— WORK INSTRUCTION —
What is needed is an exact transcription of every entry below, with the pictures left out.
* * *
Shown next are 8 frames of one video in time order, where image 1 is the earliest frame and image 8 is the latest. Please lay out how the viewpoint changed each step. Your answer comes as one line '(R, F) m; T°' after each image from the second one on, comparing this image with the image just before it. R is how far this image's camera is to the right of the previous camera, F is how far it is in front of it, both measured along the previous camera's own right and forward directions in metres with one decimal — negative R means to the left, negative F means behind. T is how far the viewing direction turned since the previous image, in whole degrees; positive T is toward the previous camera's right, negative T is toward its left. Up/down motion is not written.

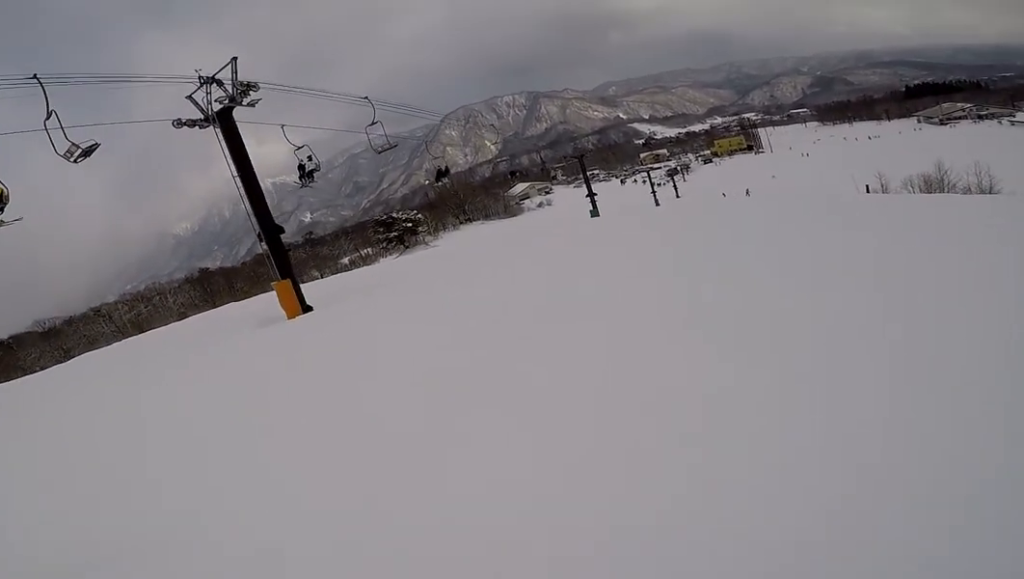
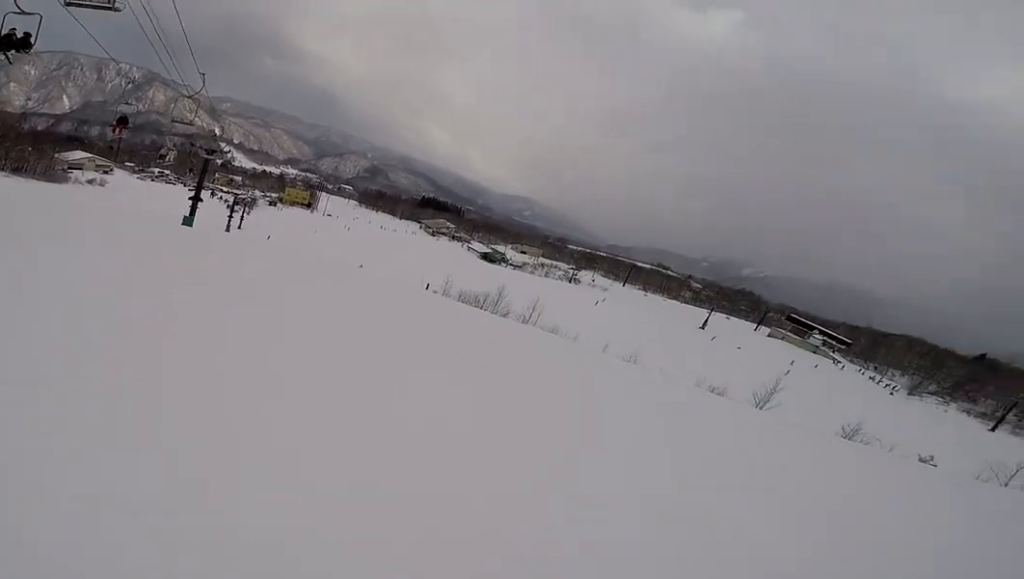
(+0.9, +11.3) m; +37°
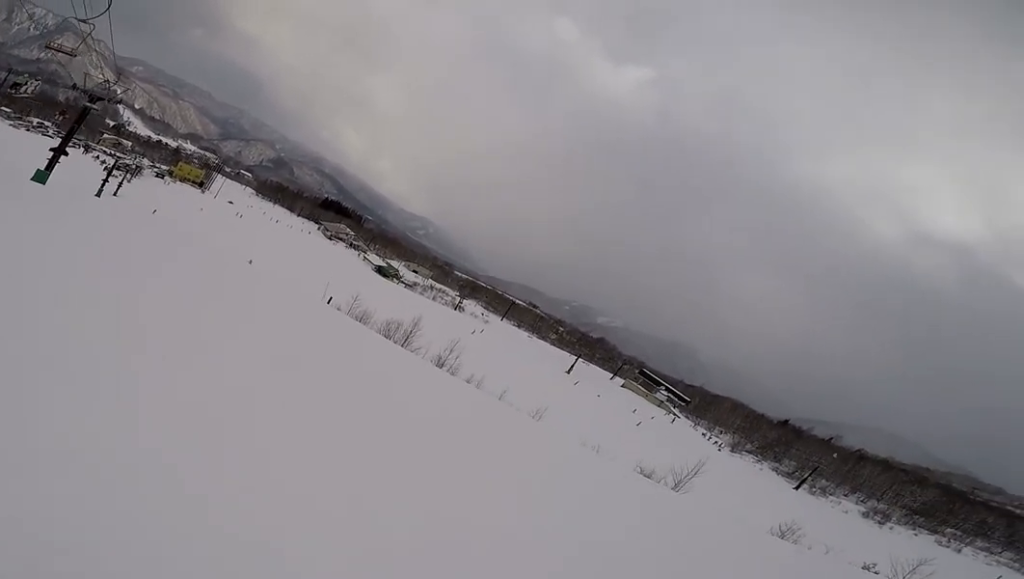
(+2.3, +6.4) m; +29°
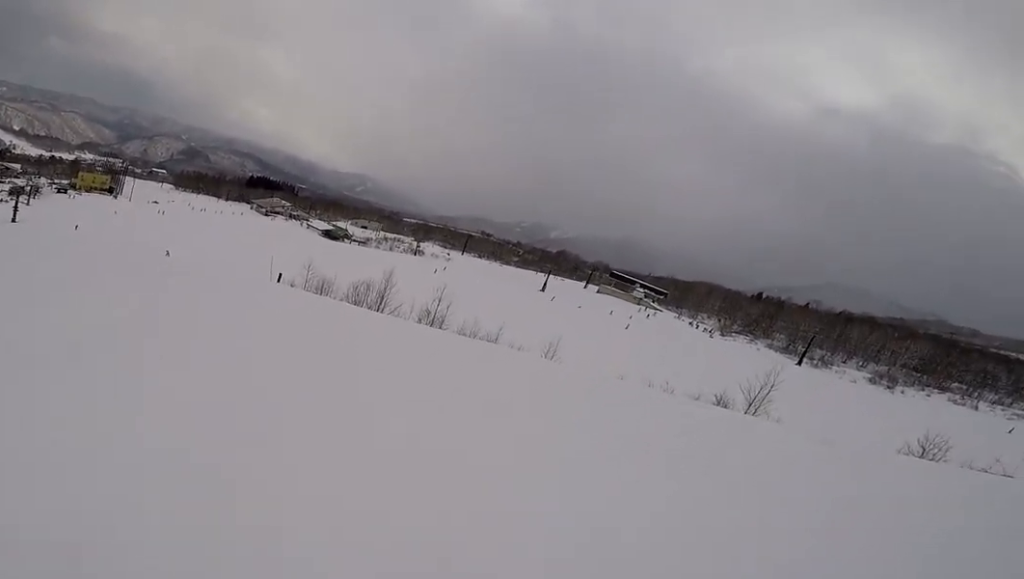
(+0.8, +5.8) m; +7°
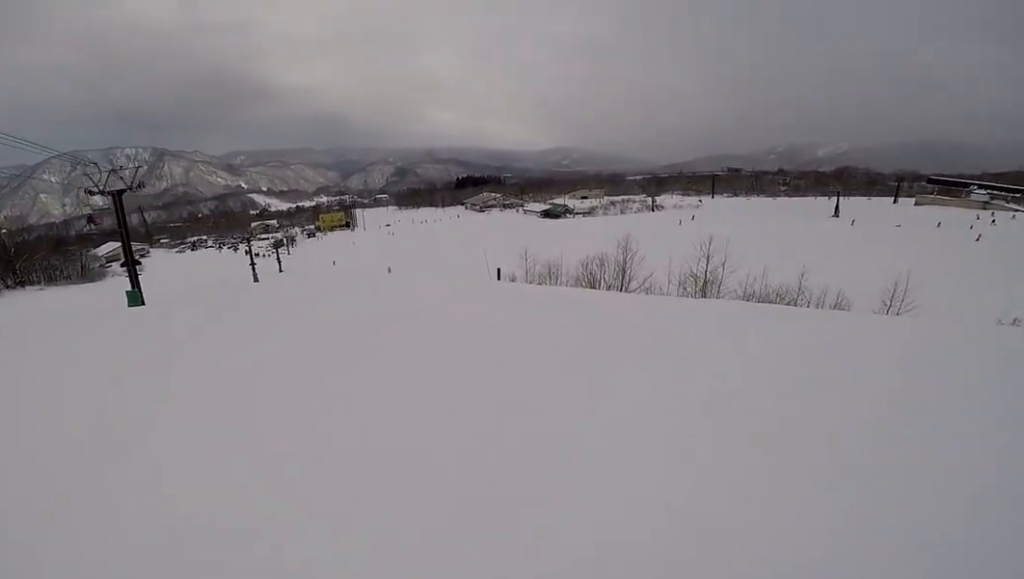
(+0.2, +4.2) m; -12°
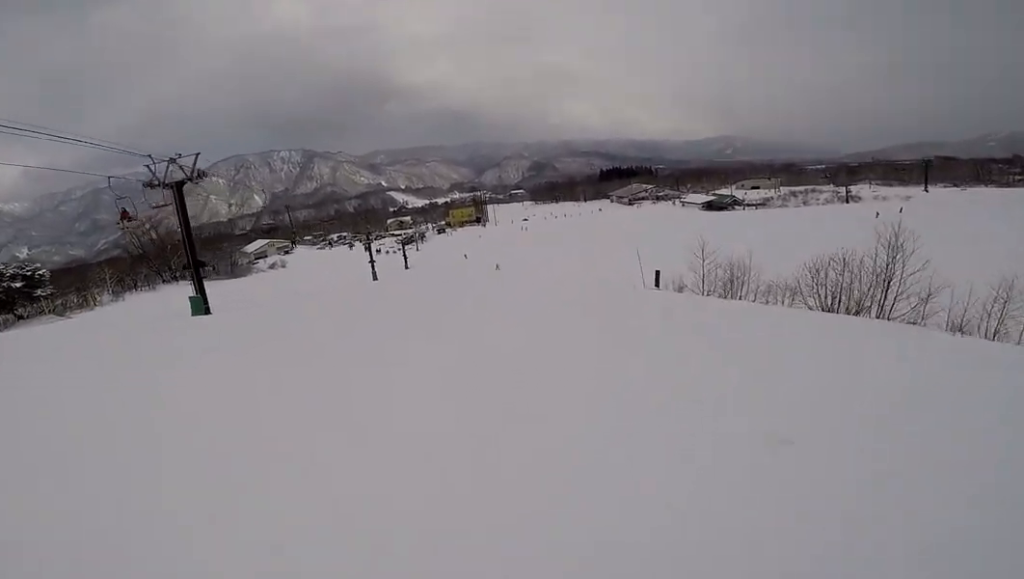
(-2.1, +7.2) m; -30°
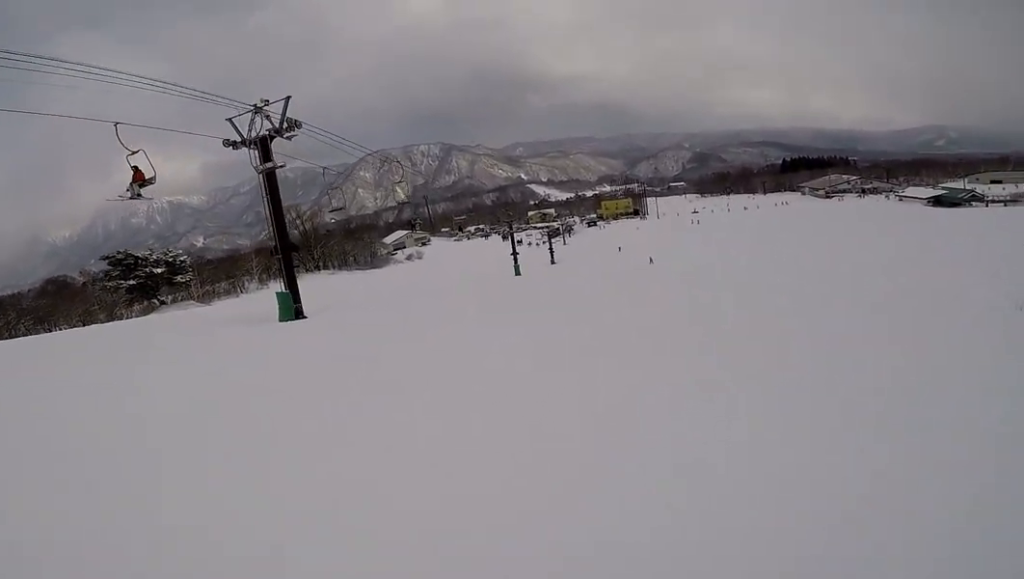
(-1.4, +8.6) m; -12°
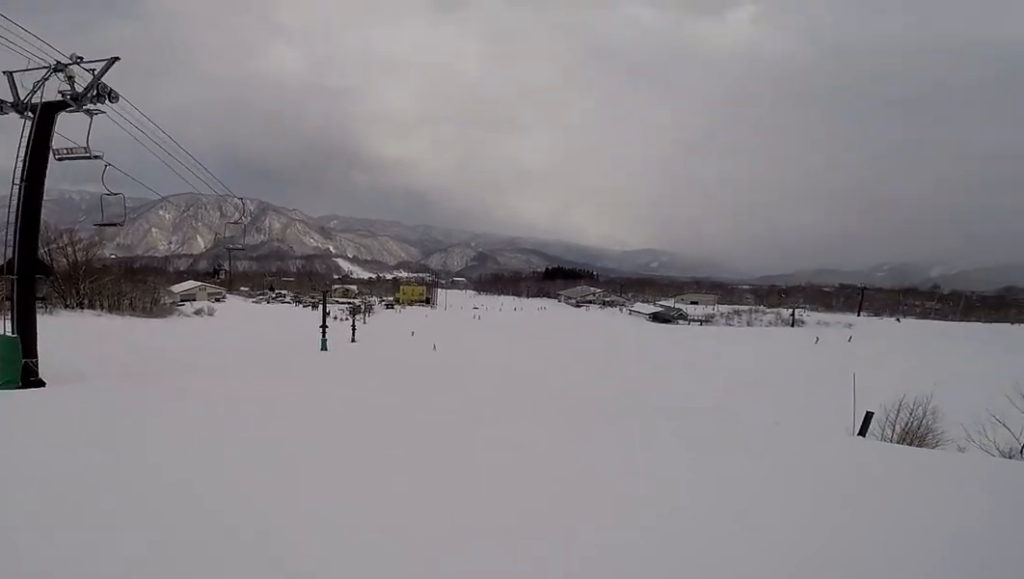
(-0.1, +5.0) m; 0°
* * *
— RESPONSE BOX —
Shown next are 8 frames of one video in time order, where image 1 is the earliest frame and image 8 is the latest. Please lay out how the viewpoint changed each step. Your answer comes as one line '(R, F) m; T°' after each image from the second one on, comparing this image with the image just before it. R is how far this image's camera is to the right of the previous camera, F is how far it is in front of it, both measured along the previous camera's own right and forward directions in metres with one decimal — negative R means to the left, negative F means behind. T is how far the viewing direction turned since the previous image, in whole degrees; positive T is toward the previous camera's right, negative T is toward its left. Up/down motion is not written.

(+0.9, +11.3) m; +37°
(+2.3, +6.4) m; +29°
(+0.8, +5.8) m; +7°
(+0.2, +4.2) m; -12°
(-2.1, +7.2) m; -30°
(-1.4, +8.6) m; -12°
(-0.1, +5.0) m; 0°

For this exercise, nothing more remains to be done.